In my final challenge, there was a group of men playing basketball on the playground. I walked by them a dozen times before I realized one of them was selling drugs out of his bag. When I told a police officer, the men scattered. The wrist strap gave me a shock, but it wasn’t particularly painful compared to what Joel was dealing with. Early Friday morning I remembered what I had seen in the donut shop when I set off the alarm. I bought myself a virtual camera and went back to the playground. At four o’clock in the morning, I recorded the man selling drugs from his bag. Minutes later I was at the virtual police station with my camera. When I placed it on the counter, the screen lit up with fireworks like never before. Did they really expect people to walk around with cameras and turn in their neighbors? It was easy in the simulation, but in real life there would be consequences.

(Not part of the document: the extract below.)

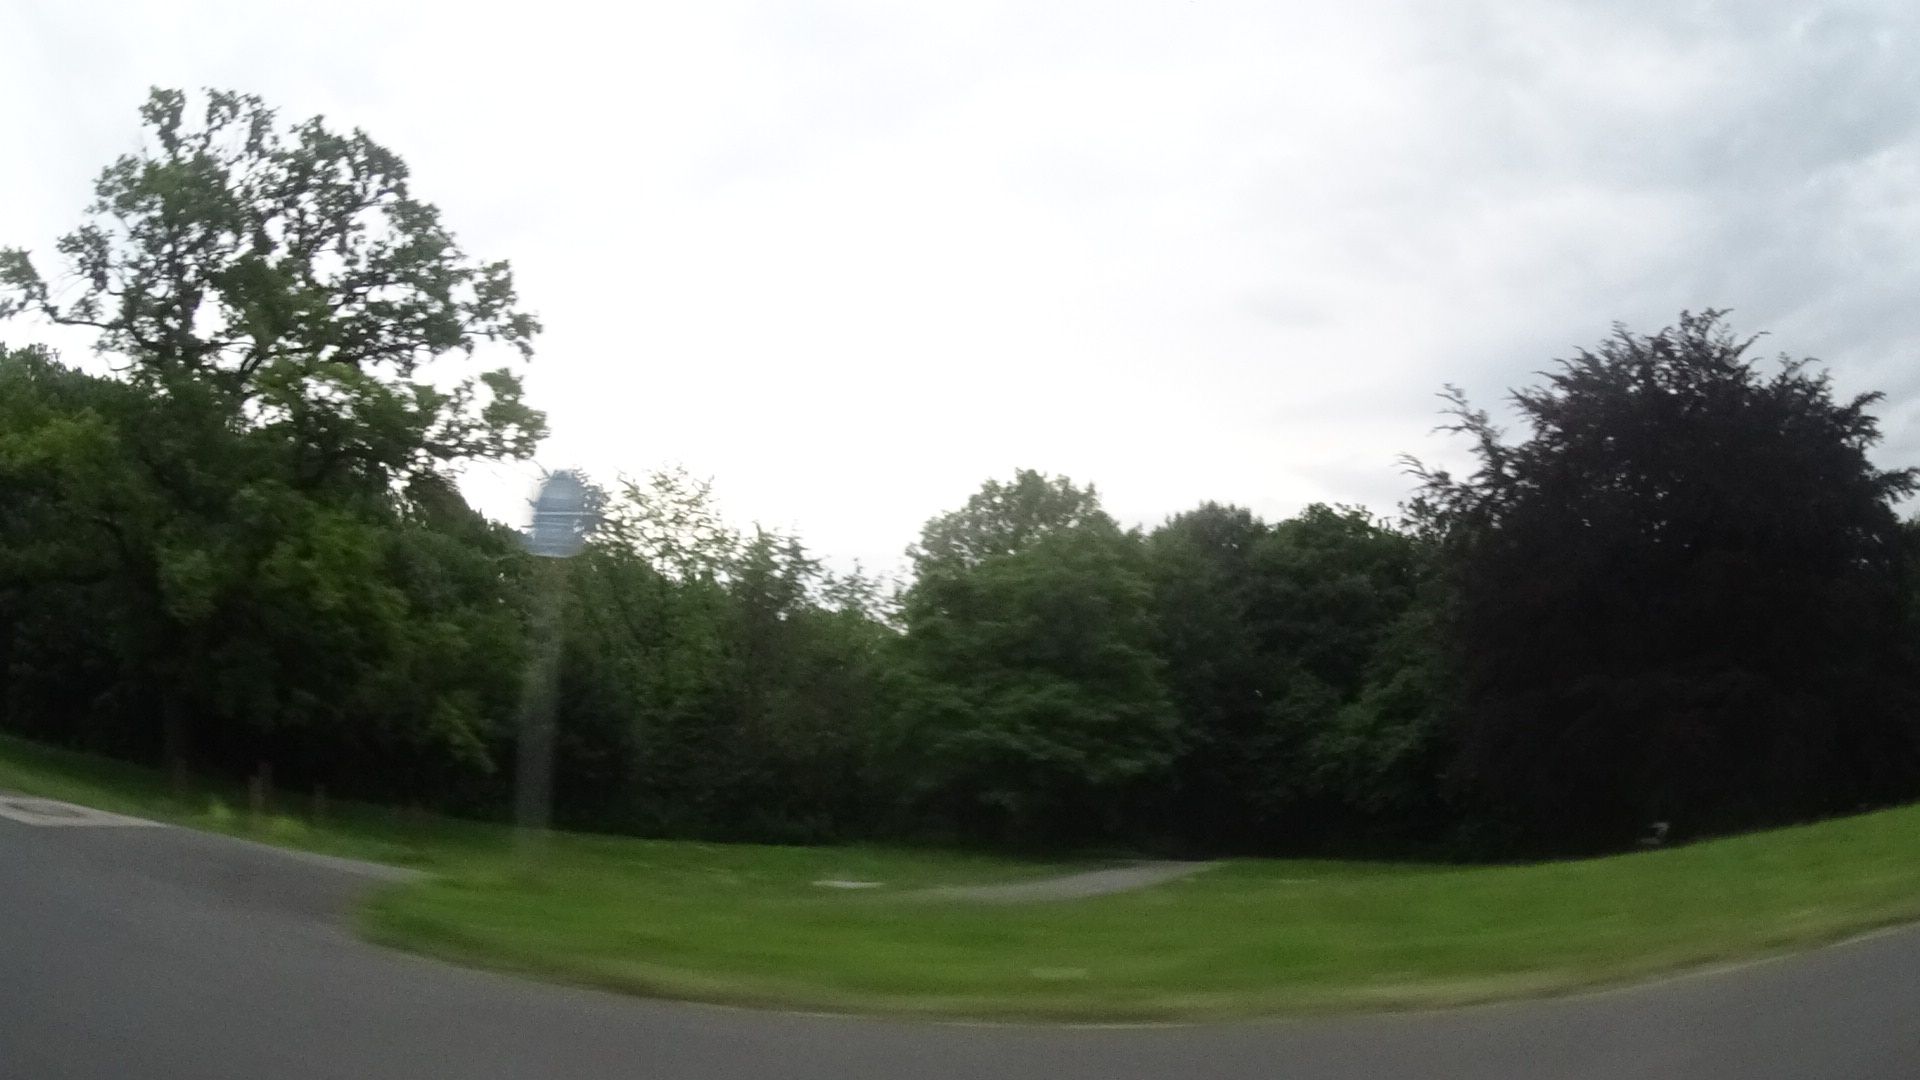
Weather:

In three days I completed forty-nine discs. It was as easy as Deone said it was, but I had forgotten what he said about the other half of the lessons. Deone was stuck on algebra. I didn’t even know what algebra was yet. That morning I fell asleep and dreamed things my old self would have dismissed as ridiculous. In my dreams, I acted like the virtual Saint Michael. Maybe it was because I had done so many lessons all at once. Maybe it was because the painful shocks made the consequences real. Whatever the reason, I was becoming the person Wendell wanted me to be, in my dreams at least.
When my eyes cracked open at ten o’clock, I could still see the faces of the people I’d helped. Wendell would have been proud of what he’d done to me, but honestly, I’d been trying my best all week. I wasn’t ever trying to get in trouble, I’d just been unlucky. Some part of me would always be the boy stealing peaches from the grocery store.